Segment Open
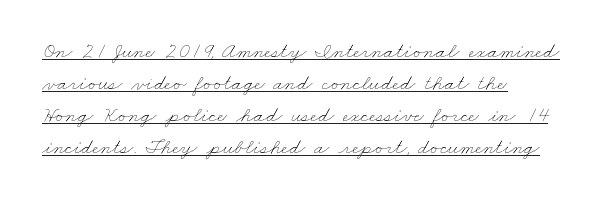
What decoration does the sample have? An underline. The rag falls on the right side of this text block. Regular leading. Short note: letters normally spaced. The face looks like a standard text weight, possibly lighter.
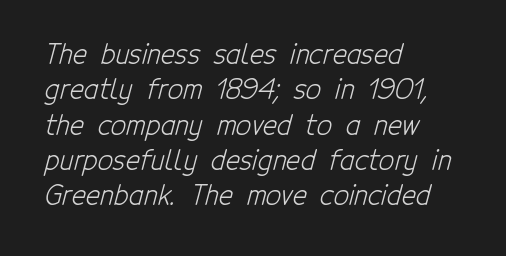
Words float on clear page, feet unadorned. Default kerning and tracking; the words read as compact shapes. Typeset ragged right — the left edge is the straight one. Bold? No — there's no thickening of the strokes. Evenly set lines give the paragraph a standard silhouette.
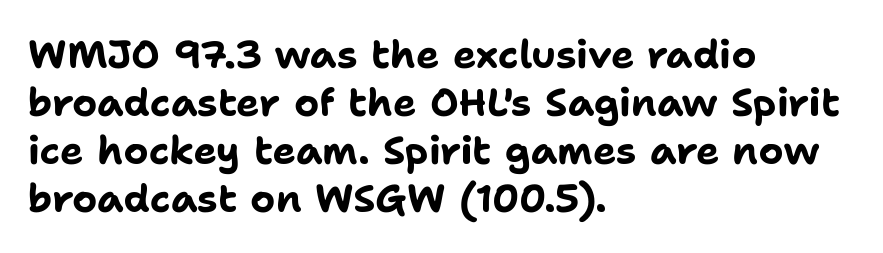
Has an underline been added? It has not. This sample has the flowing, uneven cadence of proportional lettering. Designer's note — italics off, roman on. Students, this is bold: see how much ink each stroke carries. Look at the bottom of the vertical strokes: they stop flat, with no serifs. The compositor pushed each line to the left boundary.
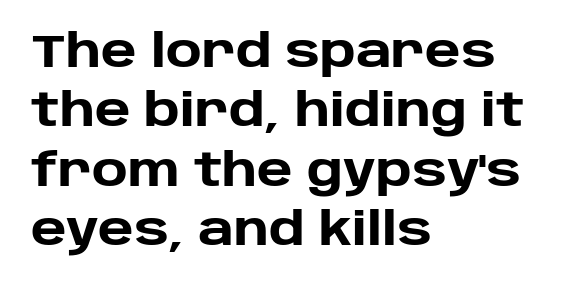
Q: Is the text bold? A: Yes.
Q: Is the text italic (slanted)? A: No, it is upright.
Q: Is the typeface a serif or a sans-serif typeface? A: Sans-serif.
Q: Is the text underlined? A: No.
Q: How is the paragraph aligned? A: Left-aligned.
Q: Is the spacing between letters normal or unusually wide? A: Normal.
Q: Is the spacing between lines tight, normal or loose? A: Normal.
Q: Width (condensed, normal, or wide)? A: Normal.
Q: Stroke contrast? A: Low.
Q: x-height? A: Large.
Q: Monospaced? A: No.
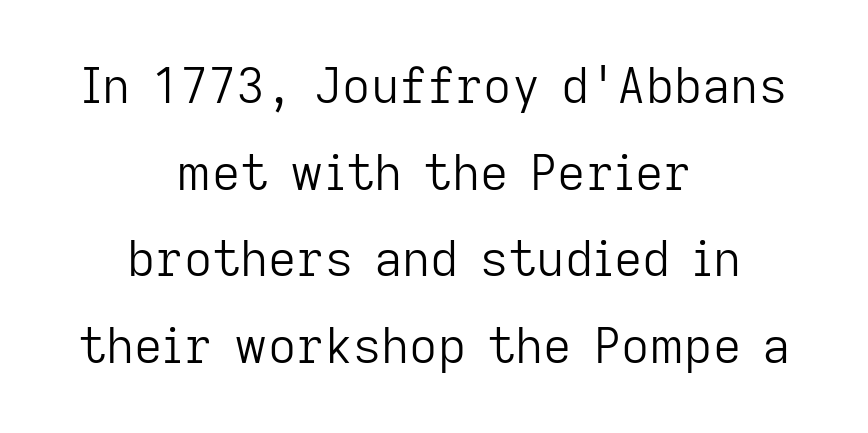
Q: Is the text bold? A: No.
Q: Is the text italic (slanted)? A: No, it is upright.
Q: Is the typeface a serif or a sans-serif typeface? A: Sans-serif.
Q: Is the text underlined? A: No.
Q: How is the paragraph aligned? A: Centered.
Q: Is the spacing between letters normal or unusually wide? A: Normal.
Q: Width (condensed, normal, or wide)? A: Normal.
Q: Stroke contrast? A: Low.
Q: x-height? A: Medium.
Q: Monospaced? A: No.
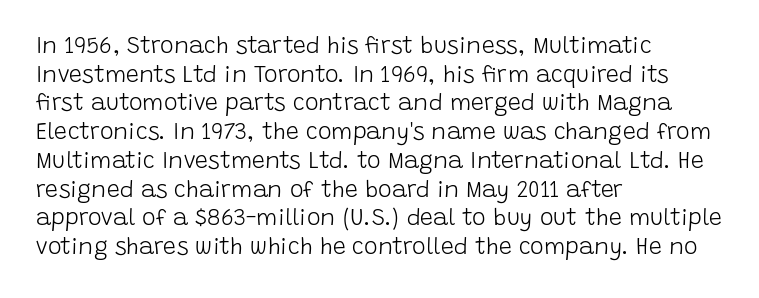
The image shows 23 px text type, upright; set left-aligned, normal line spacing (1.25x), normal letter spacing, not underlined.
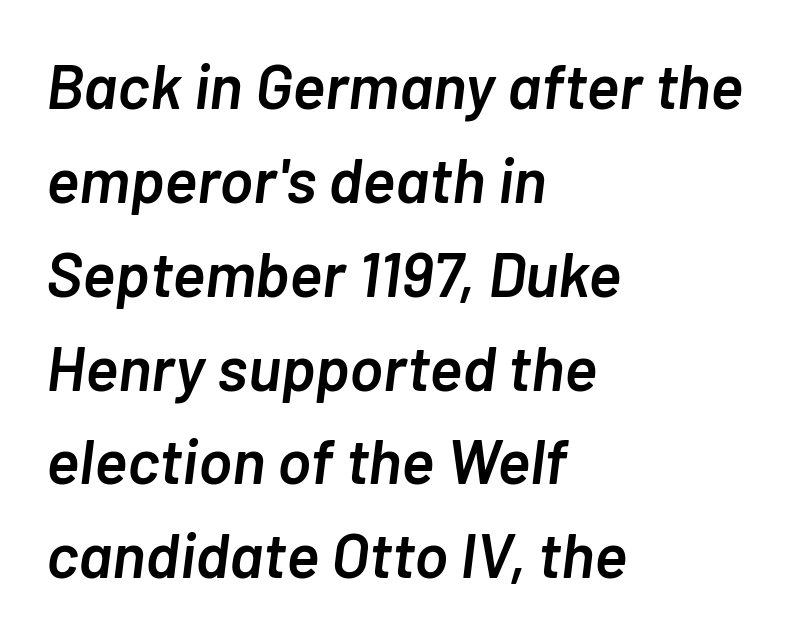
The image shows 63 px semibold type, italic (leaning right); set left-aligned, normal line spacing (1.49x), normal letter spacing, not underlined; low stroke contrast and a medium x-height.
Segment Closed
▸ WHAT YOU SHOULD DO: Pictures must be left out of the answer, which should be exactly the lines from the one holding "Q: Is the text bold? A: No." through the last line of the entries above, both included; please add nothing.

▸ ANSWER SECTION:
Q: Is the text bold? A: No.
Q: Is the text italic (slanted)? A: No, it is upright.
Q: Is the typeface a serif or a sans-serif typeface? A: Sans-serif.
Q: Is the text underlined? A: No.
Q: How is the paragraph aligned? A: Centered.
Q: Is the spacing between letters normal or unusually wide? A: Normal.
Q: Width (condensed, normal, or wide)? A: Normal.
Q: Stroke contrast? A: Low.
Q: x-height? A: Medium.
Q: Monospaced? A: No.
The image shows 23 px text type, upright; set left-aligned, normal line spacing (1.25x), normal letter spacing, not underlined.
The image shows 63 px semibold type, italic (leaning right); set left-aligned, normal line spacing (1.49x), normal letter spacing, not underlined; low stroke contrast and a medium x-height.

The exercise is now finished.